Stored items:
★ ★ ★ ★ ★

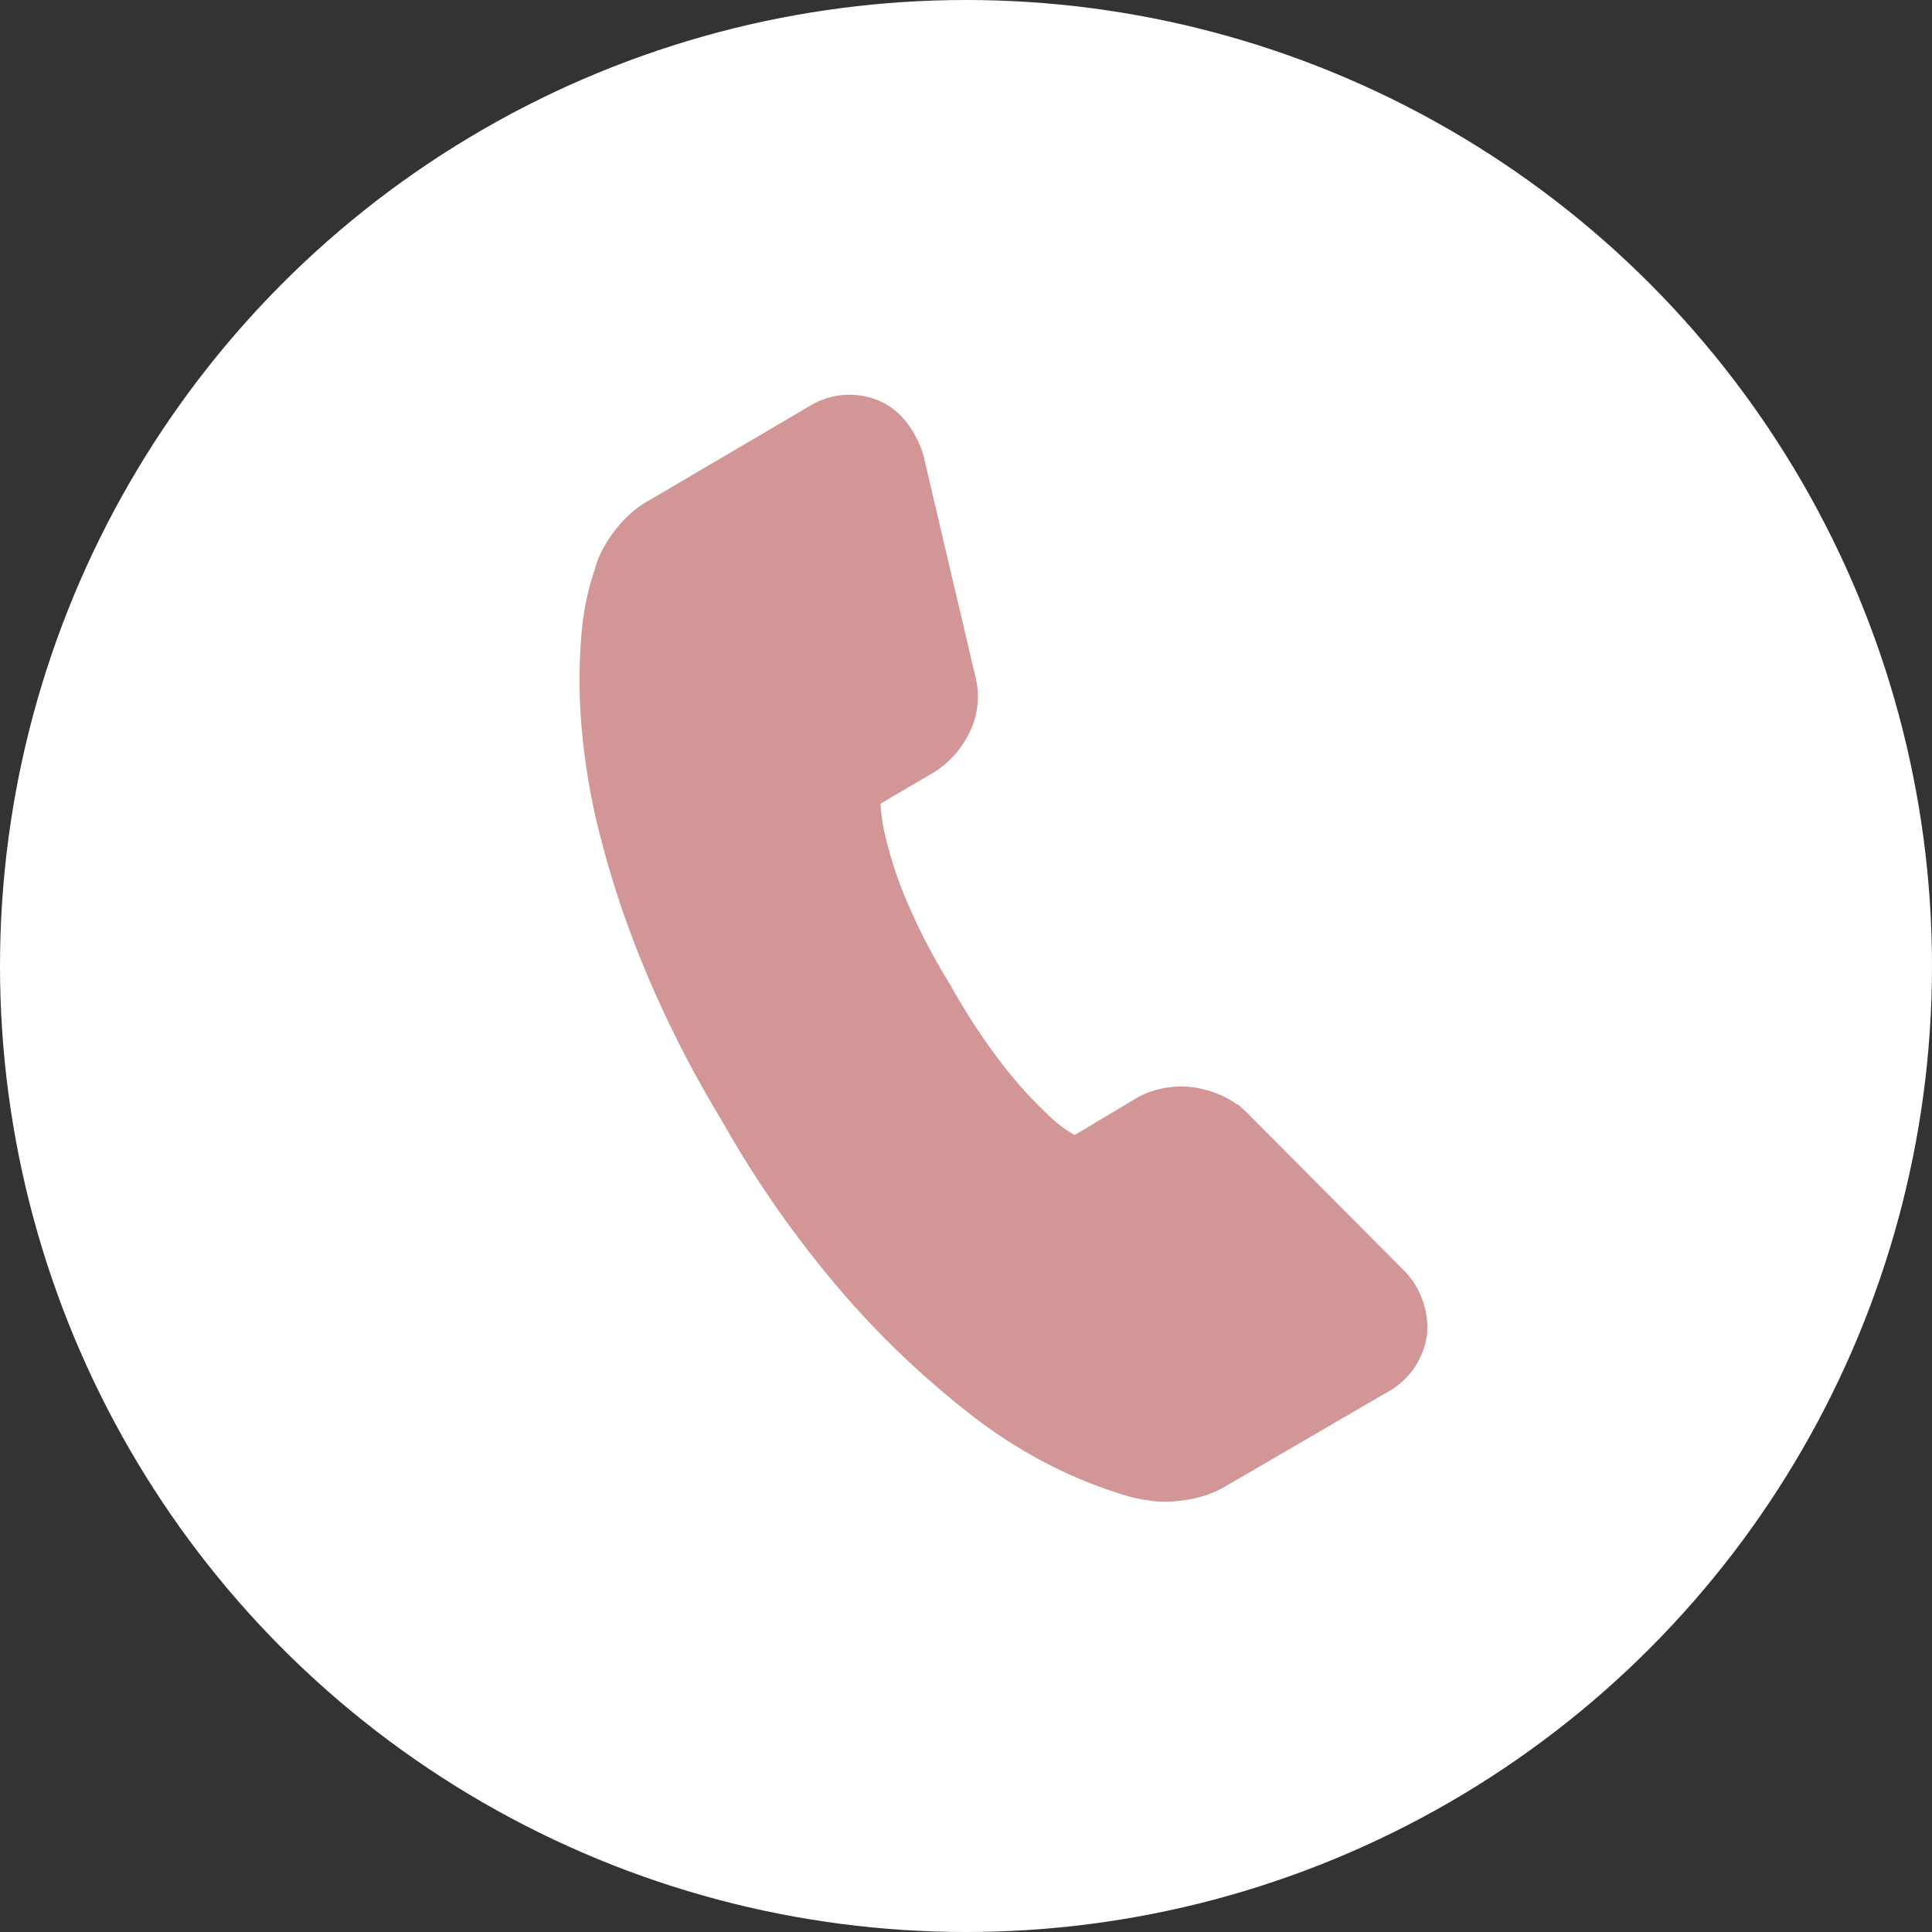 <svg id="グループ_842" data-name="グループ 842" xmlns="http://www.w3.org/2000/svg" width="26.634" height="26.634" viewBox="0 0 26.634 26.634">
  <rect x="0" y="0" width="26.634" height="26.634" fill="#333333" stroke="none"/>
  <ellipse id="楕円形_1" data-name="楕円形 1" cx="13.317" cy="13.317" rx="13.317" ry="13.317" fill="#fff"/>
  <path id="パス_77" data-name="パス 77" d="M1039.087,498.89l-2.162-2.173-.1-.09-.02-.005a1.255,1.255,0,0,0-.433-.2,1.275,1.275,0,0,0-.924.1l-.875.523-.024-.011a1.685,1.685,0,0,1-.323-.246,5.917,5.917,0,0,1-.595-.645,8.626,8.626,0,0,1-.773-1.165,8.433,8.433,0,0,1-.631-1.225,5.537,5.537,0,0,1-.268-.836,2.415,2.415,0,0,1-.064-.439l.71-.417a1.289,1.289,0,0,0,.508-.55,1.1,1.1,0,0,0,.09-.781l-.715-3.046-.01-.035a1.4,1.4,0,0,0-.236-.443.948.948,0,0,0-.515-.332,1.047,1.047,0,0,0-.809.122l-2.2,1.293a1.473,1.473,0,0,0-.428.353,1.771,1.771,0,0,0-.288.462l-.019.055c-.007.024-.033.105-.076.242a3.735,3.735,0,0,0-.136.759,7.371,7.371,0,0,0-.008,1.124,9.073,9.073,0,0,0,.232,1.5,13.369,13.369,0,0,0,.6,1.855,15.409,15.409,0,0,0,1.107,2.2,14.71,14.71,0,0,0,1.766,2.493,12.4,12.4,0,0,0,1.639,1.544,6.725,6.725,0,0,0,1.355.833,6.525,6.525,0,0,0,.853.319c.088.023.16.038.216.047l.04.005.061.011a1.567,1.567,0,0,0,.182.01,1.864,1.864,0,0,0,.362-.037,1.474,1.474,0,0,0,.517-.2l2.2-1.28a1.066,1.066,0,0,0,.539-.809l0-.03A1.124,1.124,0,0,0,1039.087,498.89Z" transform="translate(-1019.756 -481.399)" fill="#d29697"/>
</svg>

★ ★ ★ ★ ★

_What is needed_
Every line of the records above should be copied exactly, while the pictures are left behind.

_Your response_
 <svg id="グループ_842" data-name="グループ 842" xmlns="http://www.w3.org/2000/svg" width="26.634" height="26.634" viewBox="0 0 26.634 26.634">
  <rect x="0" y="0" width="26.634" height="26.634" fill="#333333" stroke="none"/>
  <ellipse id="楕円形_1" data-name="楕円形 1" cx="13.317" cy="13.317" rx="13.317" ry="13.317" fill="#fff"/>
  <path id="パス_77" data-name="パス 77" d="M1039.087,498.89l-2.162-2.173-.1-.09-.02-.005a1.255,1.255,0,0,0-.433-.2,1.275,1.275,0,0,0-.924.1l-.875.523-.024-.011a1.685,1.685,0,0,1-.323-.246,5.917,5.917,0,0,1-.595-.645,8.626,8.626,0,0,1-.773-1.165,8.433,8.433,0,0,1-.631-1.225,5.537,5.537,0,0,1-.268-.836,2.415,2.415,0,0,1-.064-.439l.71-.417a1.289,1.289,0,0,0,.508-.55,1.1,1.1,0,0,0,.09-.781l-.715-3.046-.01-.035a1.4,1.4,0,0,0-.236-.443.948.948,0,0,0-.515-.332,1.047,1.047,0,0,0-.809.122l-2.2,1.293a1.473,1.473,0,0,0-.428.353,1.771,1.771,0,0,0-.288.462l-.019.055c-.007.024-.033.105-.076.242a3.735,3.735,0,0,0-.136.759,7.371,7.371,0,0,0-.008,1.124,9.073,9.073,0,0,0,.232,1.5,13.369,13.369,0,0,0,.6,1.855,15.409,15.409,0,0,0,1.107,2.2,14.71,14.71,0,0,0,1.766,2.493,12.4,12.4,0,0,0,1.639,1.544,6.725,6.725,0,0,0,1.355.833,6.525,6.525,0,0,0,.853.319c.088.023.16.038.216.047l.04.005.061.011a1.567,1.567,0,0,0,.182.01,1.864,1.864,0,0,0,.362-.037,1.474,1.474,0,0,0,.517-.2l2.2-1.28a1.066,1.066,0,0,0,.539-.809l0-.03A1.124,1.124,0,0,0,1039.087,498.89Z" transform="translate(-1019.756 -481.399)" fill="#d29697"/>
</svg>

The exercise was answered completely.